Orthopedics. 2021 Jan 1;44(1):e101-e106. doi: 10.3928/01477447-20200928-02. Epub 2020 Oct 1.
Evidence is limited regarding cannabinoid use among total joint arthroplasty (TJA) patients, despite increased availability and popularity for treating chronic pain. The authors hypothesized that preoperative cannabinoid use increased and opioid use decreased during a 6-year interval in total hip arthroplasty (THA) and total knee arthroplasty (TKA) patients, and also asked whether complications were associated with use of these substances. This retrospective, single-institution study reviewed electronic medical records and the Veterans Affairs Surgical Quality Improvement Program (VASQIP) database for TJA cases from 2012 through 2017. Primary outcomes were the prevalence and trends of active cannabinoid and opioid use, as determined by routine preoperative urine toxicology screening. Multivariable regression analyses were conducted to investigate a secondary outcome, whether there was an association between cannabinoid or opioid use and postoperative complications. A total of 1778 operations (1161 TKAs and 617 THAs) performed on 1519 patients were reviewed. The overall prevalence of pre-operative cannabinoid and opioid use was 11% and 23%, respectively. Comparing 2012 with 2017, cannabinoid use increased from 9% to 15% (P=.049), and opioid use decreased from 24% to 17% (P=.040). Cannabinoid users were more likely to be taking opioids than nonusers (P=.002). Controlling for age, sex, surgery type, and American Society of Anesthesiologists score, cannabinoid use was not associated with 90-day readmission, infection, reoperation, or other VASQIP-captured complications. Laboratory testing indicated a much higher prevalence of cannabinoid use among TJA patients than previously reported. During a 6-year period, cannabinoid use increased more than 60%, and opioid use decreased approximately 30%. These findings indicate that cannabinoid use did not appear to be associated with perioperative complications. [Orthopedics. 2021;44(1):e101-e106.].
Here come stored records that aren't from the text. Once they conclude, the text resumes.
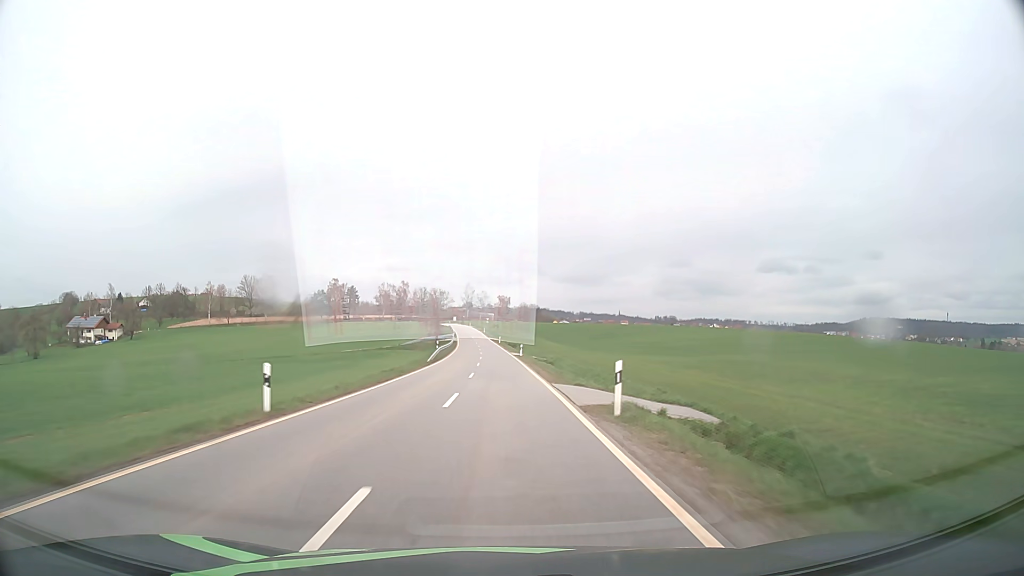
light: Day
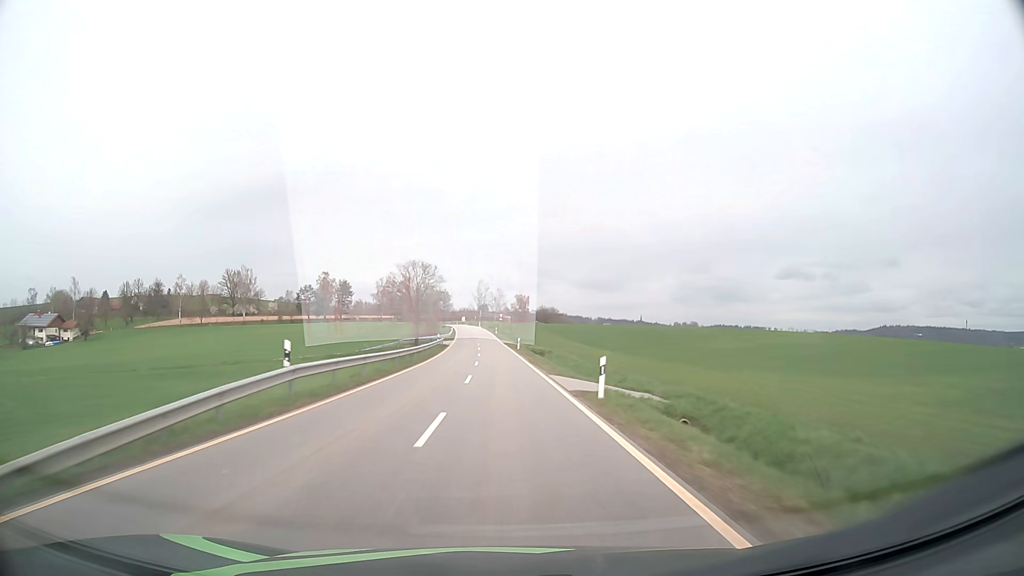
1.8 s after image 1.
(-0.5, +42.5) m; -1°
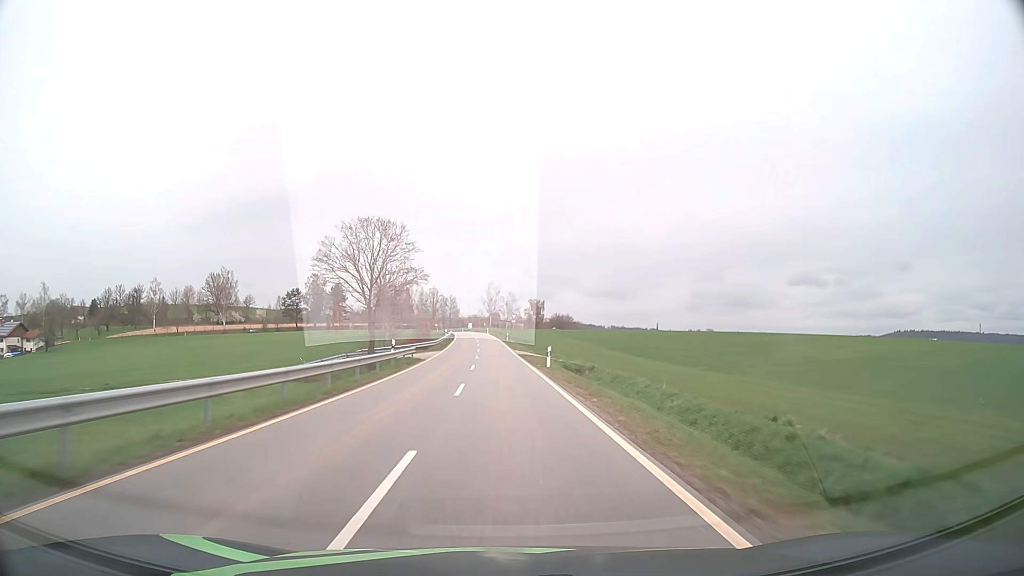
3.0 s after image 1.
(-0.2, +28.7) m; -1°
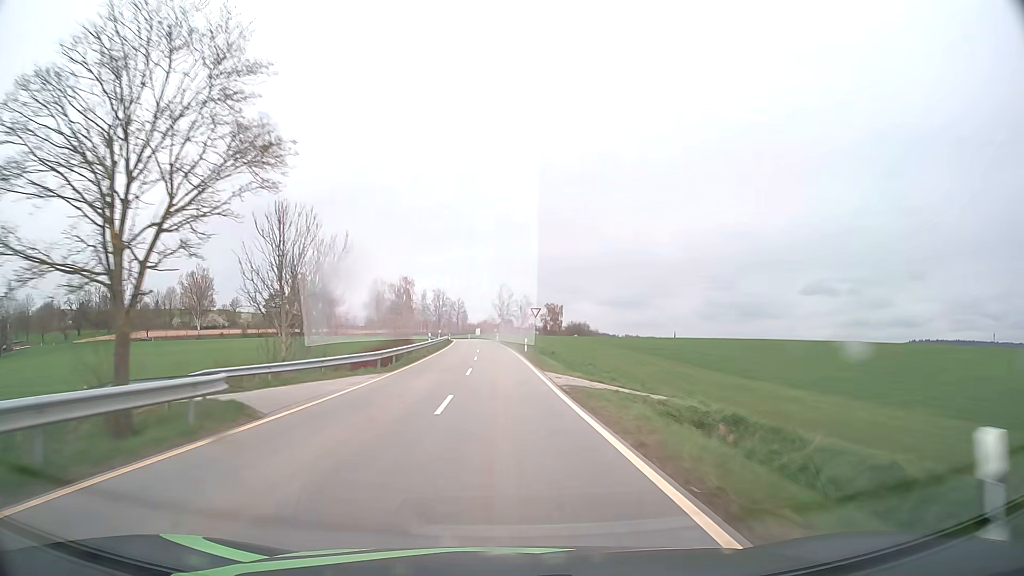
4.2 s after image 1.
(-0.2, +28.6) m; -1°
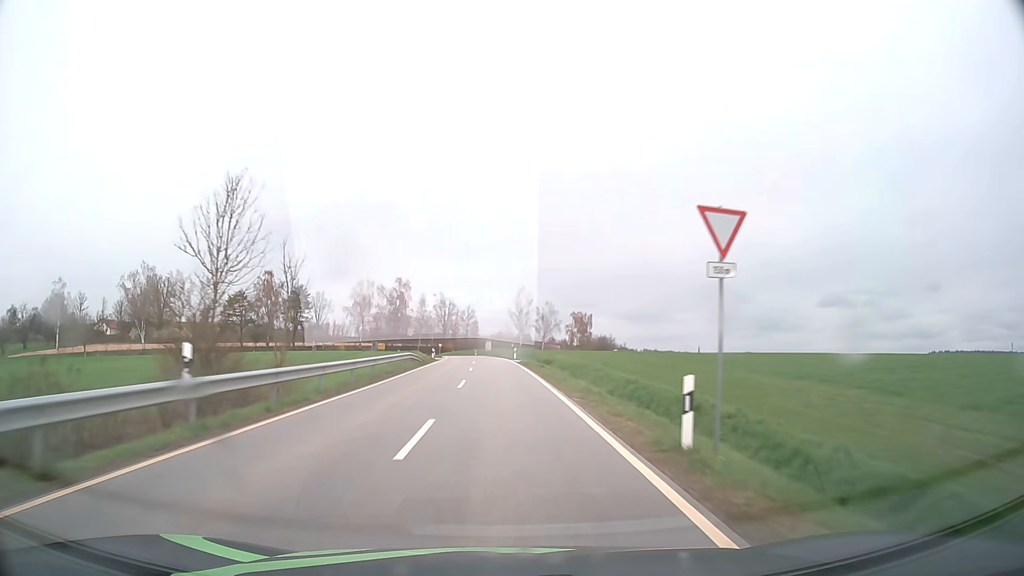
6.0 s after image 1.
(-0.5, +40.9) m; -1°
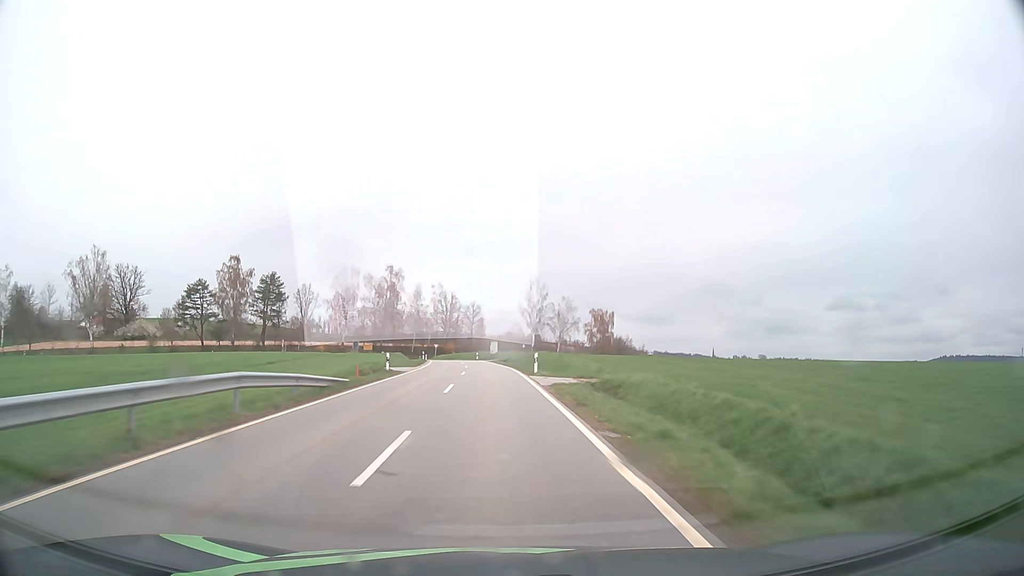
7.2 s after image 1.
(-0.2, +25.6) m; -1°
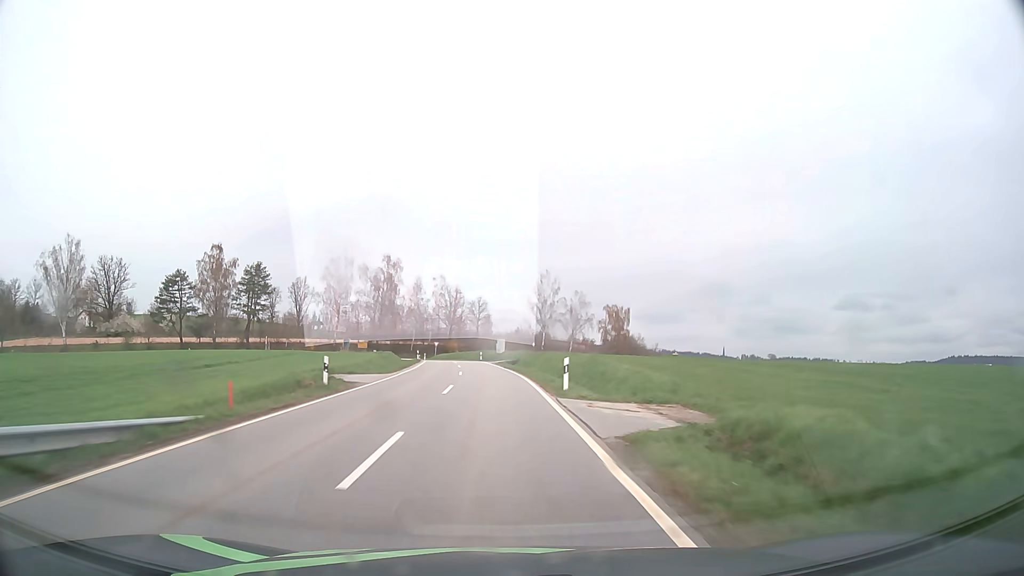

证据表明,尽管大麻素类药物在治疗慢性疼痛方面的可及性和普及度有所增加,但在接受全髋关节置换术(THA)和全膝关节置换术(TKA)的患者中,其使用情况仍有限。作者假设在 6 年的时间间隔内,THA 和 TKA 患者的术前大麻素类药物使用增加,阿片类药物使用减少,并询问这些物质的使用是否与并发症有关。这项回顾性、单机构研究对 2012 年至 2017 年期间的 TJA 病例进行了电子病历和退伍军人事务部手术质量改进计划(VASQIP)数据库的审查。主要结果是通过常规术前尿液毒物筛查确定的活性大麻素和阿片类药物使用的流行率和趋势。进行多变量回归分析以研究次要结果,即大麻素或阿片类药物使用与术后并发症之间是否存在关联。共回顾了 1519 名患者的 1778 例手术(1161 例 TKA 和 617 例 THA)。术前大麻素和阿片类药物使用的总体流行率分别为 11%和 23%。与 2012 年相比,2017 年大麻素的使用从 9%增加到 15%(P=.049),阿片类药物的使用从 24%减少到 17%(P=.040)。与非使用者相比,使用者更有可能同时服用阿片类药物(P=.002)。控制年龄、性别、手术类型和美国麻醉医师协会评分后,大麻素的使用与 90 天内再入院、感染、再次手术或其他 VASQIP 捕获的并发症无关。实验室检测表明,接受 TJA 的患者中大麻素的使用比以前报告的要高得多。在 6 年期间,大麻素的使用增加了 60%以上,而阿片类药物的使用减少了约 30%。这些发现表明,大麻素的使用似乎与围手术期并发症无关。[骨科。2021;44(1):e101-e106.]。